Data entries:
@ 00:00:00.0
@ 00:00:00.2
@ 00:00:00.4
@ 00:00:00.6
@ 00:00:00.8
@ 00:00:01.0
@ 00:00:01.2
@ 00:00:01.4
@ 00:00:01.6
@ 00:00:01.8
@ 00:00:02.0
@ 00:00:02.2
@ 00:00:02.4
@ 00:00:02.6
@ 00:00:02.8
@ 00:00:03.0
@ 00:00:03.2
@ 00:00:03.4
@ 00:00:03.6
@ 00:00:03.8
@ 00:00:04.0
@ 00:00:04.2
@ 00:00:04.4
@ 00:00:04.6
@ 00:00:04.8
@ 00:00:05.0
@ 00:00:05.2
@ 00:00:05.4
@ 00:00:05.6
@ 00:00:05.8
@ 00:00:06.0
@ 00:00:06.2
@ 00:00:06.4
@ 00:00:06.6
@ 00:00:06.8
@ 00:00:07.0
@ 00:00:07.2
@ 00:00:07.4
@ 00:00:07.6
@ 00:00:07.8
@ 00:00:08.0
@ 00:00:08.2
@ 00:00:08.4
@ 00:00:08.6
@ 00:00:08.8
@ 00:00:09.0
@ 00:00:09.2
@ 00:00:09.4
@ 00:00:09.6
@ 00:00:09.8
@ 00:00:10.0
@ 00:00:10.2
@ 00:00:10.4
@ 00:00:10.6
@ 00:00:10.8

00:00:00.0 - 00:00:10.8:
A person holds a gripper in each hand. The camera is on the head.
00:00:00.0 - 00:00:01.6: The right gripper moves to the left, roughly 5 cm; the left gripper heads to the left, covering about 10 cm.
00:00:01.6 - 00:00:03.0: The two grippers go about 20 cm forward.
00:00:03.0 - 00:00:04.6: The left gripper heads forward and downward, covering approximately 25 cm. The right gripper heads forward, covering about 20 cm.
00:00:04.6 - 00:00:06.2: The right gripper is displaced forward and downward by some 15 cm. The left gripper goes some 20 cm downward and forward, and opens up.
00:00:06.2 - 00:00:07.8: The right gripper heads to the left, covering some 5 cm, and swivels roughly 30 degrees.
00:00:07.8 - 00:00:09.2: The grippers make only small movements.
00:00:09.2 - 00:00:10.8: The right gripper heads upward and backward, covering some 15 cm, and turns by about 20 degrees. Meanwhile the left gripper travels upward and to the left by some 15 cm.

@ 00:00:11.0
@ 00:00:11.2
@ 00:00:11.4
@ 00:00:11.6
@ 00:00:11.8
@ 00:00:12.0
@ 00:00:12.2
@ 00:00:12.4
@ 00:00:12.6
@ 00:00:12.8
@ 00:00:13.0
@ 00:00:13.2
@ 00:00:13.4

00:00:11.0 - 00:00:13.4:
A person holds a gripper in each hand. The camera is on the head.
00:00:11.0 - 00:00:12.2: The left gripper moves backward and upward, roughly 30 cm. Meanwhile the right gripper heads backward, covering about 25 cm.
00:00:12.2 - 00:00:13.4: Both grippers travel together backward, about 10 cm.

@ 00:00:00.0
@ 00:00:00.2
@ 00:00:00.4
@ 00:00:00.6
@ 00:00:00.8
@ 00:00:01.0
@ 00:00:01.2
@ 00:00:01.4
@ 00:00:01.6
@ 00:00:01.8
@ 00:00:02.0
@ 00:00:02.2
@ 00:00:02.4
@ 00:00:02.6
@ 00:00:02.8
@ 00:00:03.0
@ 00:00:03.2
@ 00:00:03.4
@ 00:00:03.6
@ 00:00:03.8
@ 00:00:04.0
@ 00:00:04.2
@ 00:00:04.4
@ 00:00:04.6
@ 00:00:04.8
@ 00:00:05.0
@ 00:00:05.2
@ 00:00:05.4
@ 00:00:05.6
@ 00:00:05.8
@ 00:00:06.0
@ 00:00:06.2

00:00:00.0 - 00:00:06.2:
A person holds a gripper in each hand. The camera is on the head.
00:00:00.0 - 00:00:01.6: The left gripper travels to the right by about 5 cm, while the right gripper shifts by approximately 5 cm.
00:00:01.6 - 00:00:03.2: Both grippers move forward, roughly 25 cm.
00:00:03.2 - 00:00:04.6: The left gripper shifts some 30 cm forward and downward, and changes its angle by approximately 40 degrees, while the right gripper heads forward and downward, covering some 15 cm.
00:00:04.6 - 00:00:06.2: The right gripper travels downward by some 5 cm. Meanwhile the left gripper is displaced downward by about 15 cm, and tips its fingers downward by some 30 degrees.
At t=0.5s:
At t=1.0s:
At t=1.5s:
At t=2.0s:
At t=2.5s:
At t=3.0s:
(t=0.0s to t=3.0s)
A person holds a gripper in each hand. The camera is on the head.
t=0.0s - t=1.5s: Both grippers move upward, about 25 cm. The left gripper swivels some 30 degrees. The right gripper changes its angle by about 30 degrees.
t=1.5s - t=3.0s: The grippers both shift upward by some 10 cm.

[Requirement]: All of the records above must be reproduced exactly.

[Problem solution]:
@ 00:00:00.0
@ 00:00:00.2
@ 00:00:00.4
@ 00:00:00.6
@ 00:00:00.8
@ 00:00:01.0
@ 00:00:01.2
@ 00:00:01.4
@ 00:00:01.6
@ 00:00:01.8
@ 00:00:02.0
@ 00:00:02.2
@ 00:00:02.4
@ 00:00:02.6
@ 00:00:02.8
@ 00:00:03.0
@ 00:00:03.2
@ 00:00:03.4
@ 00:00:03.6
@ 00:00:03.8
@ 00:00:04.0
@ 00:00:04.2
@ 00:00:04.4
@ 00:00:04.6
@ 00:00:04.8
@ 00:00:05.0
@ 00:00:05.2
@ 00:00:05.4
@ 00:00:05.6
@ 00:00:05.8
@ 00:00:06.0
@ 00:00:06.2
@ 00:00:06.4
@ 00:00:06.6
@ 00:00:06.8
@ 00:00:07.0
@ 00:00:07.2
@ 00:00:07.4
@ 00:00:07.6
@ 00:00:07.8
@ 00:00:08.0
@ 00:00:08.2
@ 00:00:08.4
@ 00:00:08.6
@ 00:00:08.8
@ 00:00:09.0
@ 00:00:09.2
@ 00:00:09.4
@ 00:00:09.6
@ 00:00:09.8
@ 00:00:10.0
@ 00:00:10.2
@ 00:00:10.4
@ 00:00:10.6
@ 00:00:10.8

00:00:00.0 - 00:00:10.8:
A person holds a gripper in each hand. The camera is on the head.
00:00:00.0 - 00:00:01.6: The right gripper moves to the left, roughly 5 cm; the left gripper heads to the left, covering about 10 cm.
00:00:01.6 - 00:00:03.0: The two grippers go about 20 cm forward.
00:00:03.0 - 00:00:04.6: The left gripper heads forward and downward, covering approximately 25 cm. The right gripper heads forward, covering about 20 cm.
00:00:04.6 - 00:00:06.2: The right gripper is displaced forward and downward by some 15 cm. The left gripper goes some 20 cm downward and forward, and opens up.
00:00:06.2 - 00:00:07.8: The right gripper heads to the left, covering some 5 cm, and swivels roughly 30 degrees.
00:00:07.8 - 00:00:09.2: The grippers make only small movements.
00:00:09.2 - 00:00:10.8: The right gripper heads upward and backward, covering some 15 cm, and turns by about 20 degrees. Meanwhile the left gripper travels upward and to the left by some 15 cm.

@ 00:00:11.0
@ 00:00:11.2
@ 00:00:11.4
@ 00:00:11.6
@ 00:00:11.8
@ 00:00:12.0
@ 00:00:12.2
@ 00:00:12.4
@ 00:00:12.6
@ 00:00:12.8
@ 00:00:13.0
@ 00:00:13.2
@ 00:00:13.4

00:00:11.0 - 00:00:13.4:
A person holds a gripper in each hand. The camera is on the head.
00:00:11.0 - 00:00:12.2: The left gripper moves backward and upward, roughly 30 cm. Meanwhile the right gripper heads backward, covering about 25 cm.
00:00:12.2 - 00:00:13.4: Both grippers travel together backward, about 10 cm.

@ 00:00:00.0
@ 00:00:00.2
@ 00:00:00.4
@ 00:00:00.6
@ 00:00:00.8
@ 00:00:01.0
@ 00:00:01.2
@ 00:00:01.4
@ 00:00:01.6
@ 00:00:01.8
@ 00:00:02.0
@ 00:00:02.2
@ 00:00:02.4
@ 00:00:02.6
@ 00:00:02.8
@ 00:00:03.0
@ 00:00:03.2
@ 00:00:03.4
@ 00:00:03.6
@ 00:00:03.8
@ 00:00:04.0
@ 00:00:04.2
@ 00:00:04.4
@ 00:00:04.6
@ 00:00:04.8
@ 00:00:05.0
@ 00:00:05.2
@ 00:00:05.4
@ 00:00:05.6
@ 00:00:05.8
@ 00:00:06.0
@ 00:00:06.2

00:00:00.0 - 00:00:06.2:
A person holds a gripper in each hand. The camera is on the head.
00:00:00.0 - 00:00:01.6: The left gripper travels to the right by about 5 cm, while the right gripper shifts by approximately 5 cm.
00:00:01.6 - 00:00:03.2: Both grippers move forward, roughly 25 cm.
00:00:03.2 - 00:00:04.6: The left gripper shifts some 30 cm forward and downward, and changes its angle by approximately 40 degrees, while the right gripper heads forward and downward, covering some 15 cm.
00:00:04.6 - 00:00:06.2: The right gripper travels downward by some 5 cm. Meanwhile the left gripper is displaced downward by about 15 cm, and tips its fingers downward by some 30 degrees.
At t=0.5s:
At t=1.0s:
At t=1.5s:
At t=2.0s:
At t=2.5s:
At t=3.0s:
(t=0.0s to t=3.0s)
A person holds a gripper in each hand. The camera is on the head.
t=0.0s - t=1.5s: Both grippers move upward, about 25 cm. The left gripper swivels some 30 degrees. The right gripper changes its angle by about 30 degrees.
t=1.5s - t=3.0s: The grippers both shift upward by some 10 cm.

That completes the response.